Abstract:Large Language Models have achieved remarkable success in natural language processing tasks, with Reinforcement Learning playing a key role in adapting them to specific applications. However, obtaining ground truth answers for training LLMs in mathematical problem-solving is often challenging, costly, and sometimes unfeasible. This research delves into the utilization of format and length as surrogate signals to train LLMs for mathematical problem-solving, bypassing the need for traditional ground truth answers.Our study shows that a reward function centered on format correctness alone can yield performance improvements comparable to the standard GRPO algorithm in early phases.
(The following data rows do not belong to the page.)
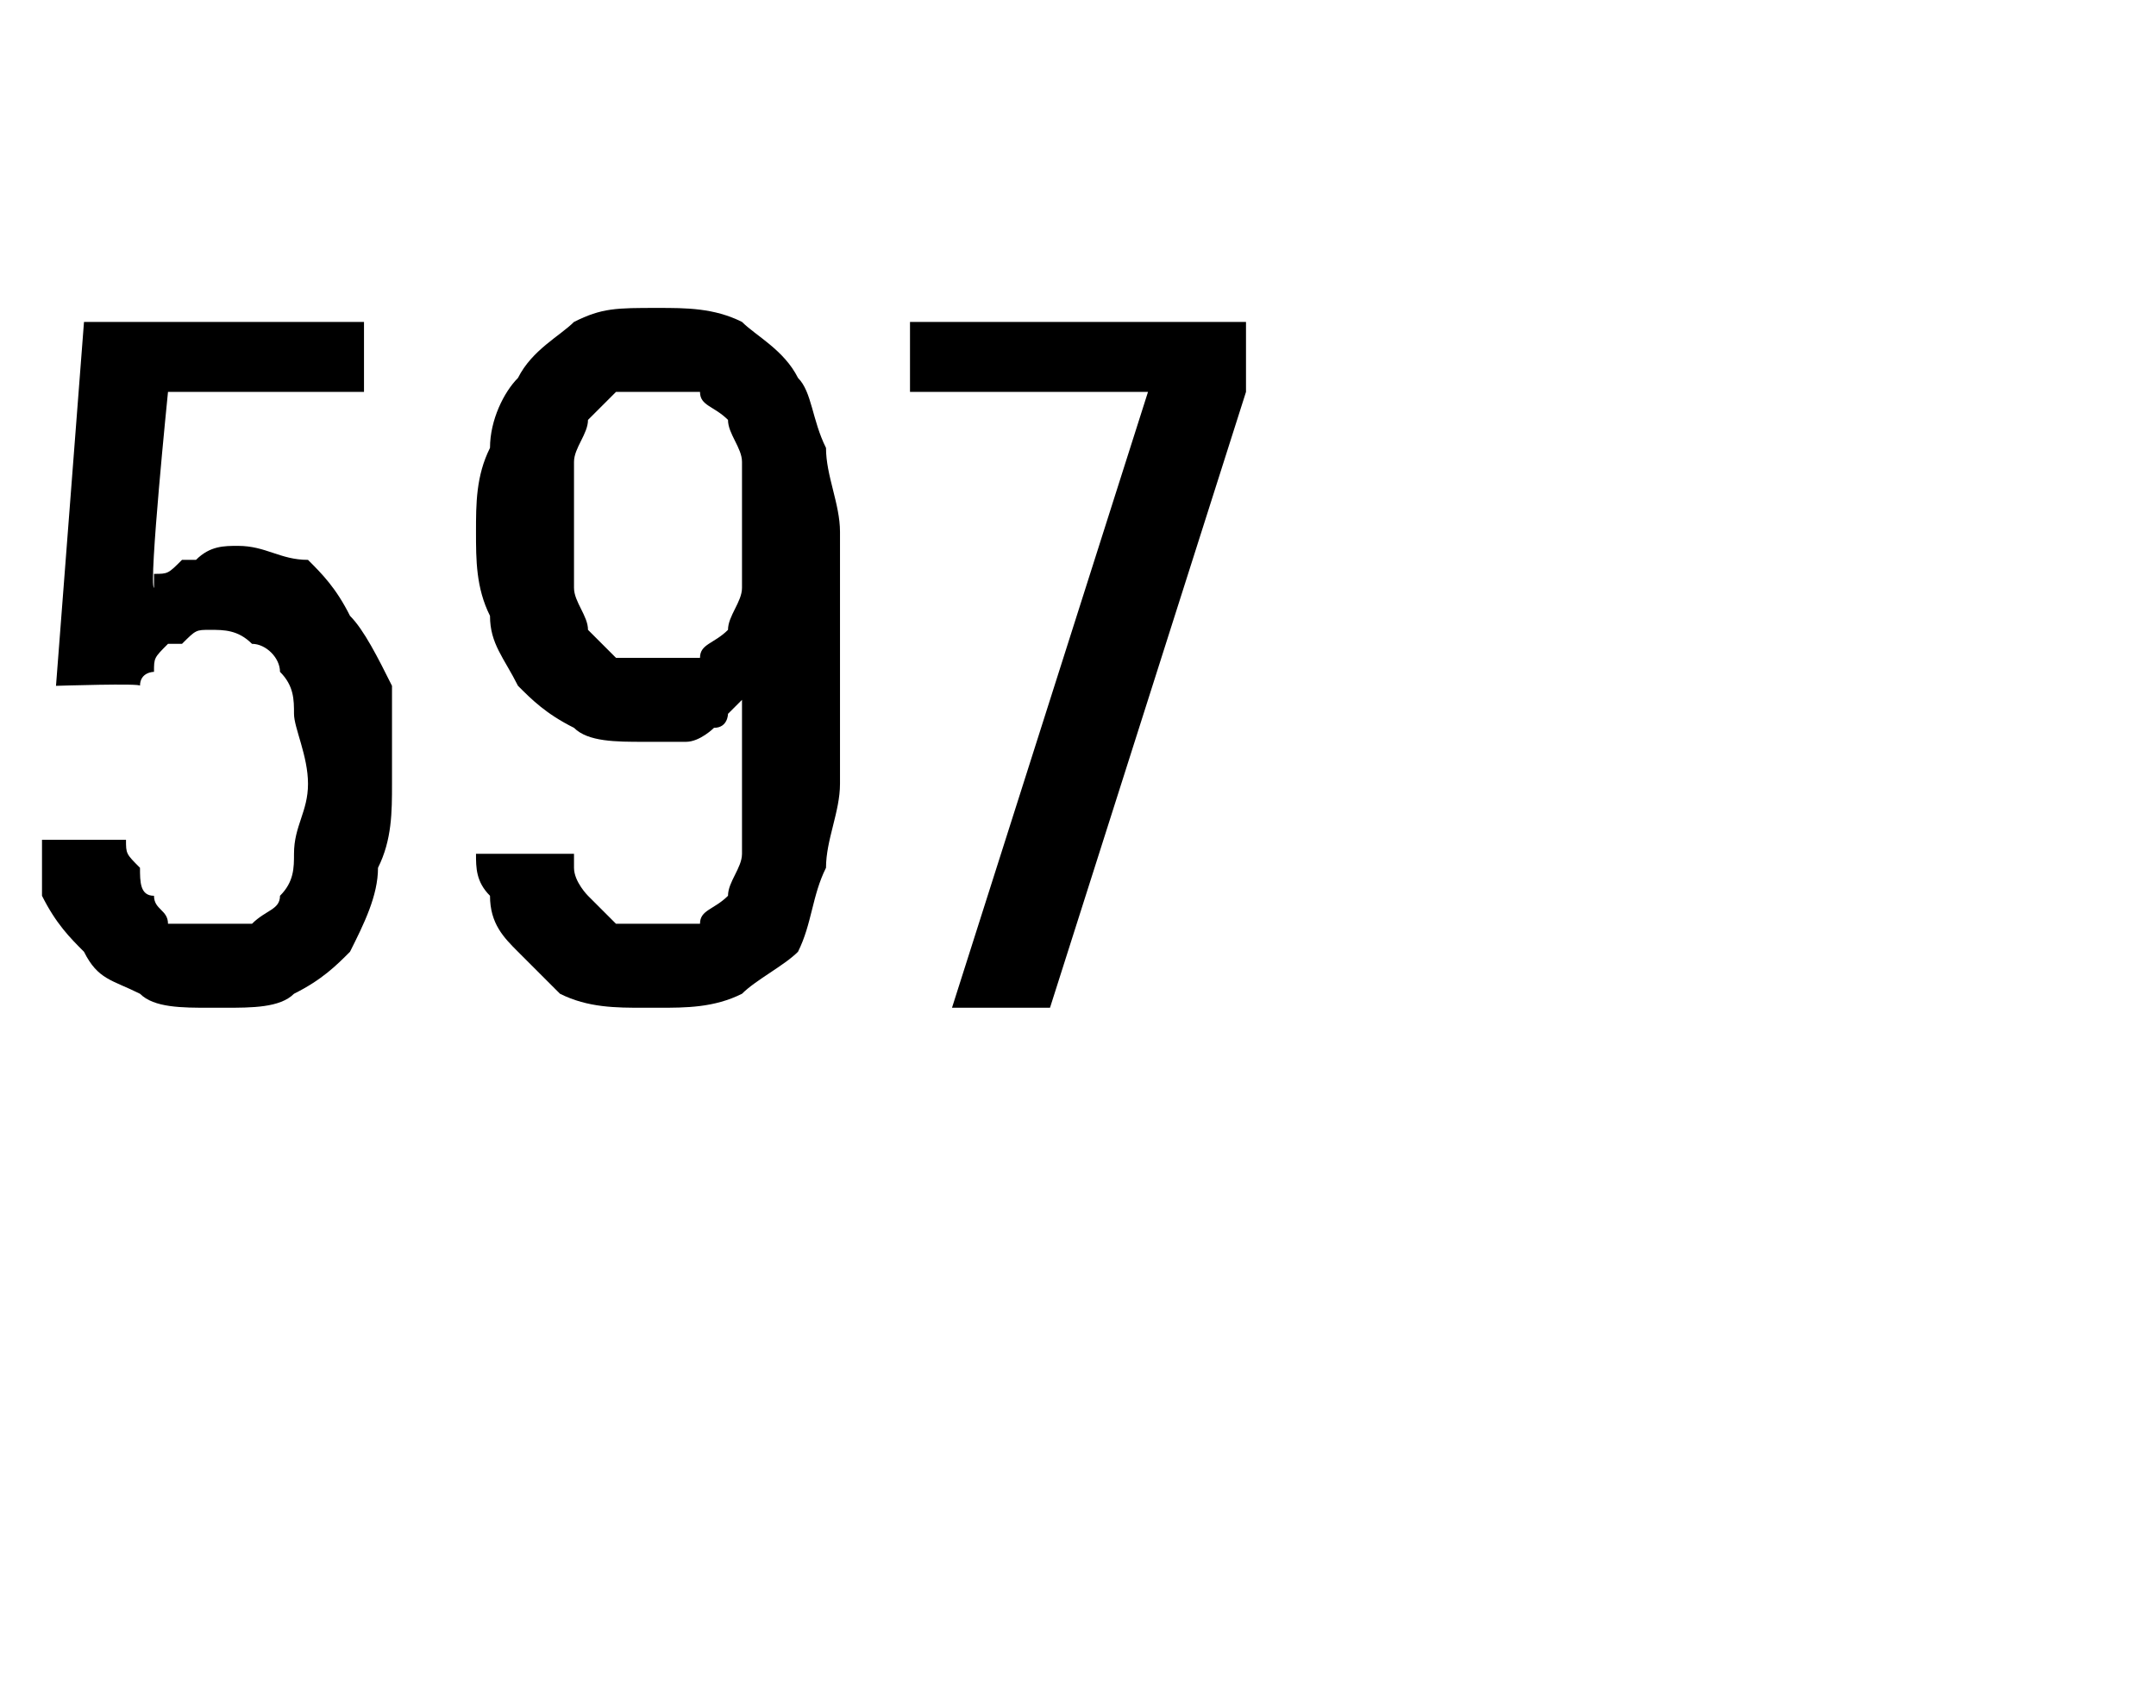 <?xml version="1.0" standalone="no"?>
<!DOCTYPE svg PUBLIC "-//W3C//DTD SVG 1.1//EN" "http://www.w3.org/Graphics/SVG/1.1/DTD/svg11.dtd">
<svg xmlns="http://www.w3.org/2000/svg" version="1.1" width="15.4px" height="12.2px" viewBox="0 -2 15.4 12.2" style="top:-2px">
  <desc>597</desc>
  <defs/>
  <g id="Polygon574894">
    <path d="M 1.5 5.2 C 1.5 5.2 1.6 5.2 1.6 5.2 C 1.8 5.2 2 5.2 2.1 5.1 C 2.3 5 2.4 4.9 2.5 4.8 C 2.6 4.6 2.7 4.4 2.7 4.2 C 2.8 4 2.8 3.8 2.8 3.6 C 2.8 3.3 2.8 3.1 2.8 2.9 C 2.7 2.7 2.6 2.5 2.5 2.4 C 2.4 2.2 2.3 2.1 2.2 2 C 2 2 1.9 1.9 1.7 1.9 C 1.7 1.9 1.7 1.9 1.7 1.9 C 1.6 1.9 1.5 1.9 1.4 2 C 1.4 2 1.3 2 1.3 2 C 1.2 2.1 1.2 2.1 1.1 2.1 C 1.1 2.1 1.1 2.2 1.1 2.2 C 1.06 2.18 1.2 0.8 1.2 0.8 L 2.6 0.8 L 2.6 0.3 L 0.6 0.3 L 0.4 2.9 C 0.4 2.9 1.02 2.88 1 2.9 C 1 2.8 1.1 2.8 1.1 2.8 C 1.1 2.7 1.1 2.7 1.2 2.6 C 1.2 2.6 1.3 2.6 1.3 2.6 C 1.4 2.5 1.4 2.5 1.5 2.5 C 1.5 2.5 1.5 2.5 1.5 2.5 C 1.6 2.5 1.7 2.5 1.8 2.6 C 1.9 2.6 2 2.7 2 2.8 C 2.1 2.9 2.1 3 2.1 3.1 C 2.1 3.2 2.2 3.4 2.2 3.6 C 2.2 3.8 2.1 3.9 2.1 4.1 C 2.1 4.2 2.1 4.3 2 4.4 C 2 4.5 1.9 4.5 1.8 4.6 C 1.7 4.6 1.6 4.6 1.5 4.6 C 1.5 4.6 1.5 4.6 1.5 4.6 C 1.4 4.6 1.3 4.6 1.2 4.6 C 1.2 4.5 1.1 4.5 1.1 4.4 C 1 4.4 1 4.3 1 4.2 C 0.9 4.1 0.9 4.1 0.9 4 C 0.9 4 0.3 4 0.3 4 C 0.3 4.1 0.3 4.3 0.3 4.4 C 0.4 4.6 0.5 4.7 0.6 4.8 C 0.7 5 0.8 5 1 5.1 C 1.1 5.2 1.3 5.2 1.5 5.2 Z M 4.6 5.2 C 4.6 5.2 4.7 5.2 4.7 5.2 C 4.9 5.2 5.1 5.2 5.3 5.1 C 5.4 5 5.6 4.9 5.7 4.8 C 5.8 4.6 5.8 4.4 5.9 4.2 C 5.9 4 6 3.8 6 3.6 C 6 3.6 6 1.8 6 1.8 C 6 1.6 5.9 1.4 5.9 1.2 C 5.8 1 5.8 0.8 5.7 0.7 C 5.6 0.5 5.4 0.4 5.3 0.3 C 5.1 0.2 4.9 0.2 4.7 0.2 C 4.7 0.2 4.7 0.2 4.7 0.2 C 4.4 0.2 4.3 0.2 4.1 0.3 C 4 0.4 3.8 0.5 3.7 0.7 C 3.6 0.8 3.5 1 3.5 1.2 C 3.4 1.4 3.4 1.6 3.4 1.8 C 3.4 2 3.4 2.2 3.5 2.4 C 3.5 2.6 3.6 2.7 3.7 2.9 C 3.8 3 3.9 3.1 4.1 3.2 C 4.2 3.3 4.4 3.3 4.6 3.3 C 4.6 3.3 4.6 3.3 4.6 3.3 C 4.7 3.3 4.8 3.3 4.9 3.3 C 5 3.3 5.1 3.2 5.1 3.2 C 5.2 3.2 5.2 3.1 5.2 3.1 C 5.3 3 5.3 3 5.3 3 C 5.3 3 5.3 3.7 5.3 3.7 C 5.3 3.8 5.3 4 5.3 4.1 C 5.3 4.2 5.2 4.3 5.2 4.4 C 5.1 4.5 5 4.5 5 4.6 C 4.9 4.6 4.8 4.6 4.7 4.6 C 4.7 4.6 4.6 4.6 4.6 4.6 C 4.5 4.6 4.4 4.6 4.4 4.6 C 4.3 4.5 4.3 4.5 4.2 4.4 C 4.2 4.4 4.1 4.3 4.1 4.2 C 4.1 4.2 4.1 4.1 4.1 4.1 C 4.1 4.1 3.4 4.1 3.4 4.1 C 3.4 4.2 3.4 4.3 3.5 4.4 C 3.5 4.6 3.6 4.7 3.7 4.8 C 3.8 4.9 3.9 5 4 5.1 C 4.2 5.2 4.4 5.2 4.6 5.2 Z M 4.7 2.7 C 4.7 2.7 4.7 2.7 4.7 2.7 C 4.6 2.7 4.5 2.7 4.4 2.7 C 4.3 2.6 4.3 2.6 4.2 2.5 C 4.2 2.4 4.1 2.3 4.1 2.2 C 4.1 2.1 4.1 1.9 4.1 1.8 C 4.1 1.6 4.1 1.4 4.1 1.3 C 4.1 1.2 4.2 1.1 4.2 1 C 4.3 0.9 4.3 0.9 4.4 0.8 C 4.5 0.8 4.6 0.8 4.7 0.8 C 4.7 0.8 4.7 0.8 4.7 0.8 C 4.8 0.8 4.9 0.8 5 0.8 C 5 0.9 5.1 0.9 5.2 1 C 5.2 1.1 5.3 1.2 5.3 1.3 C 5.3 1.4 5.3 1.6 5.3 1.8 C 5.3 1.9 5.3 2.1 5.3 2.2 C 5.3 2.3 5.2 2.4 5.2 2.5 C 5.1 2.6 5 2.6 5 2.7 C 4.9 2.7 4.8 2.7 4.7 2.7 Z M 6.8 5.2 L 7.5 5.2 L 8.9 0.8 L 8.9 0.3 L 6.5 0.3 L 6.5 0.8 L 8.2 0.8 L 6.8 5.2 Z " stroke="none" fill="#000"/>
  </g>
</svg>

Recognizing the limitations of format-only rewards in the later phases, we incorporate length-based rewards. The resulting GRPO approach, leveraging format-length surrogate signals, not only matches but surpasses the performance of the standard GRPO algorithm relying on ground truth answers in certain scenarios, achieving 40.0\% accuracy on AIME2024 with a 7B base model. Through systematic exploration and experimentation, this research not only offers a practical solution for training LLMs to solve mathematical problems and reducing the dependence on extensive ground truth data collection, but also reveals the essence of why our label-free approach succeeds: base model is like an excellent student who has already mastered mathematical and logical reasoning skills, but performs poorly on the test paper, it simply needs to develop good answering habits to achieve outstanding results in exams , in other words, to unlock the capabilities it already possesses.